Se o senhor tivesse que tomar duas decisões para melhorar a Justiça, quais seriam?

Não existe uma coisa só que se resolvida solucionaria todo o problema do Judiciário. Há vários pontos de estrangulamento. A celeridade é importante, mas não a levo às últimas consequências como a coisa mais importante.

Por quê?

Primeiro porque o problema do retardamento dos processos não é uma coisa tipicamente brasileira. Nós temos estatísticas da Europa, particularmente Portugal, Espanha, Itália, e também nos países anglo-saxões. A Justiça tem certa ritualidade que implica tempo. O que não pode haver são esses casos absurdos de processos que passam de gerações. Mas isso envolve outro problema que é objeto de grande preocupação nossa e queremos celebrar um novo pacto republicano para resolver isso.

Que problema?

É o problema dos graus de instâncias recursais. O Brasil é o único País do mundo que tem na verdade quatro instâncias recursais. O Supremo funciona como quarta instância. Acho que precisamos acabar com isso.

Como?

Uma proposta que já fiz, inclusive para o próximo ministro da Justiça, é transformar os recursos especiais (recursos para o STJ) e extraordinários (recursos para o STF) em medidas rescisórias. A decisão transita em julgado e o sujeito entra com recurso que será examinado como ação rescisória (serviria para posteriormente anular a decisão). Se tirássemos o caráter recursal, que suspende a eficácia da decisão e leva toda a matéria para ser discutida nos tribunais superiores, os tribunais decidiriam e o processo estaria transitado em julgado. A admissibilidade do recurso especial e extraordinário não impediria o trânsito em julgado.

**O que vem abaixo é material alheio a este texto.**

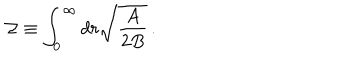
{ \cal Z } \equiv \int _ { 0 } ^ { \infty } d r \sqrt { { \frac { A } { 2 B } } } \, .
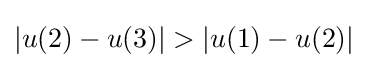
|u(2)-u(3)|>|u(1)-u(2)|
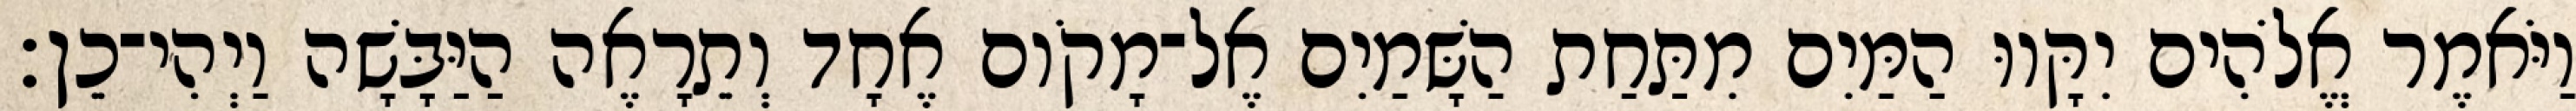
וַיֹּאמֶר אֱלֹהִים יִקָּווּ הַמַּיִם מִתַּחַת הַשָּׁמַיִם אֶל־מָקֹום אֶחָד וְתֵרָאֶה הַיַּבָּשָׁה וַיְהִי־כֵן׃
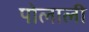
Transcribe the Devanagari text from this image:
पोलाली
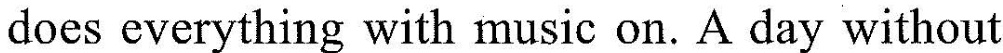
does everything with music on. A day without
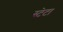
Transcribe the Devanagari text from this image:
स्टेटा
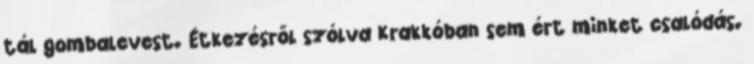
tál gombalevest. Étkezésről szólva Krakkóban sem ért minket csalódás.
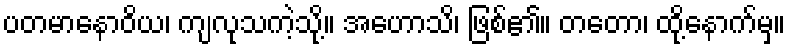
ပတမာနောဝိယ၊ ကျလုသကဲ့သို့။ အဟောသိ၊ ဖြစ်၏။ တတော၊ ထို့နောက်မှ။
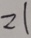
2 1
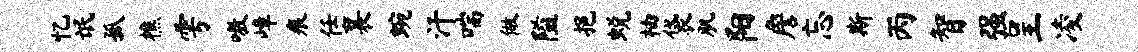
忆氓孤樵雩嗷嶂痕任襄蜿汗喘做隘挹蜕柚袋肌阳詹忘斯丙智强呈凌
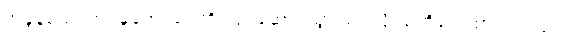
အခွန်စည်းကြပ်မှုတွေ ထပ်တိုးလုပ်ဆောင်သွားမယ်လို့ သတိပေးထားပါတယ်။
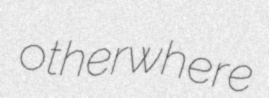
otherwhere
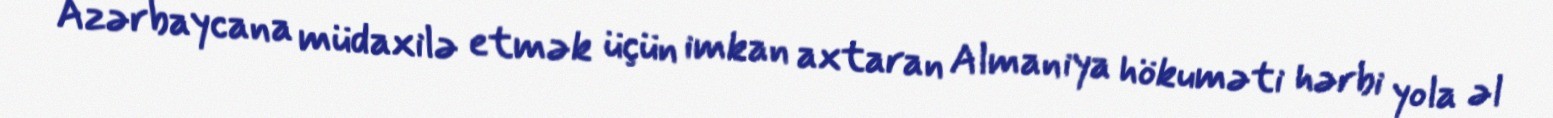
Azərbaycana müdaxilə etmək üçün imkan axtaran Almaniya hökuməti hərbi yola əl
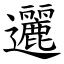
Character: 邐
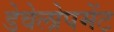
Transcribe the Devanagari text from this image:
डेवेलोपमेंट
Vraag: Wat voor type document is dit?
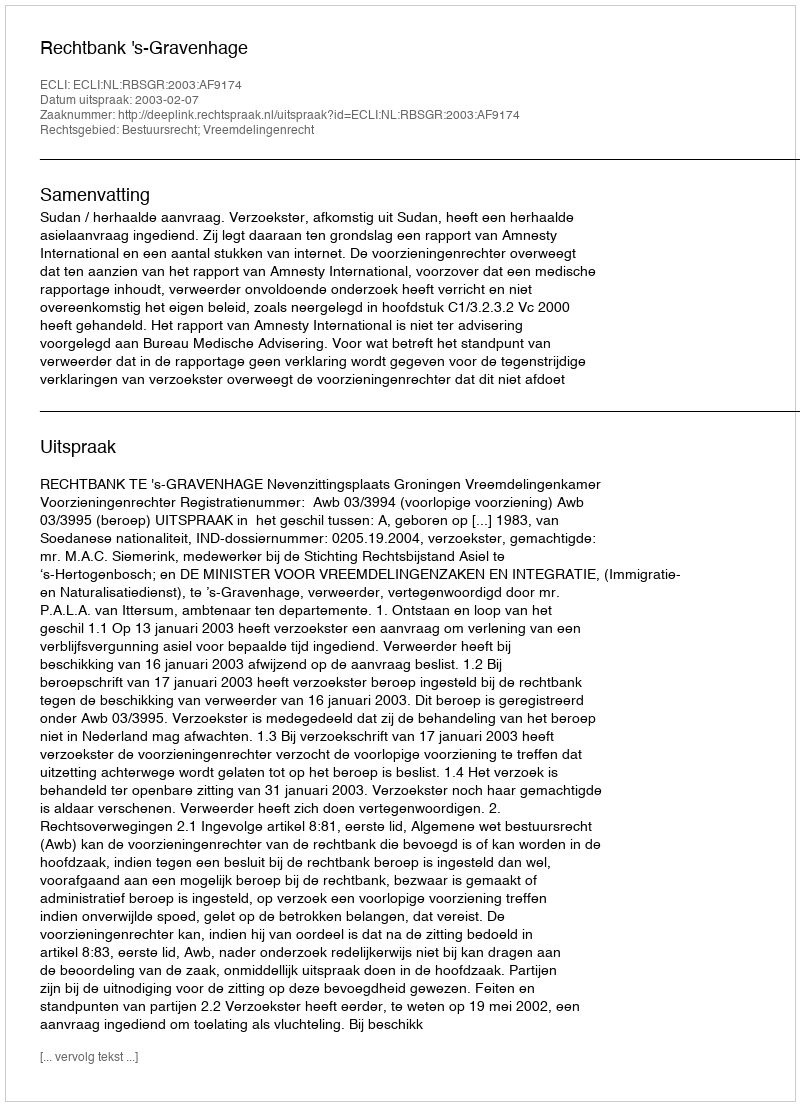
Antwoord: Uitspraak
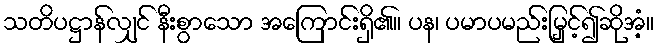
သတိပဋ္ဌာန်လျှင် နီးစွာသော အကြောင်းရှိ၏။ ပန၊ ပမာပမည်းမြှင့်၍ဆိုအံ့။
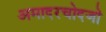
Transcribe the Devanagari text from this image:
अमादरचोदजो
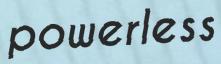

Qual é a consequência disso?

Isso acabaria, se você pensar, com o problema da ficha limpa. Não precisaria ficar discutindo se a lei ofende ou não ofende o princípio da inocência (de que ninguém é considerado culpado até o trânsito em julgado do processo). Isso acaba com o uso dos tribunais superiores (STJ e STF) como fator de dilação (de demora) do processo. Enquanto o processo não transita em julgado, ninguém faz nada e o tempo vai passando. O Supremo não consegue julgar isso rapidamente. E mais: isso valoriza os tribunais locais. O que eles decidirem, está decidido. Acaba com o assunto. Quem tiver razão, tenta rescindir a decisão.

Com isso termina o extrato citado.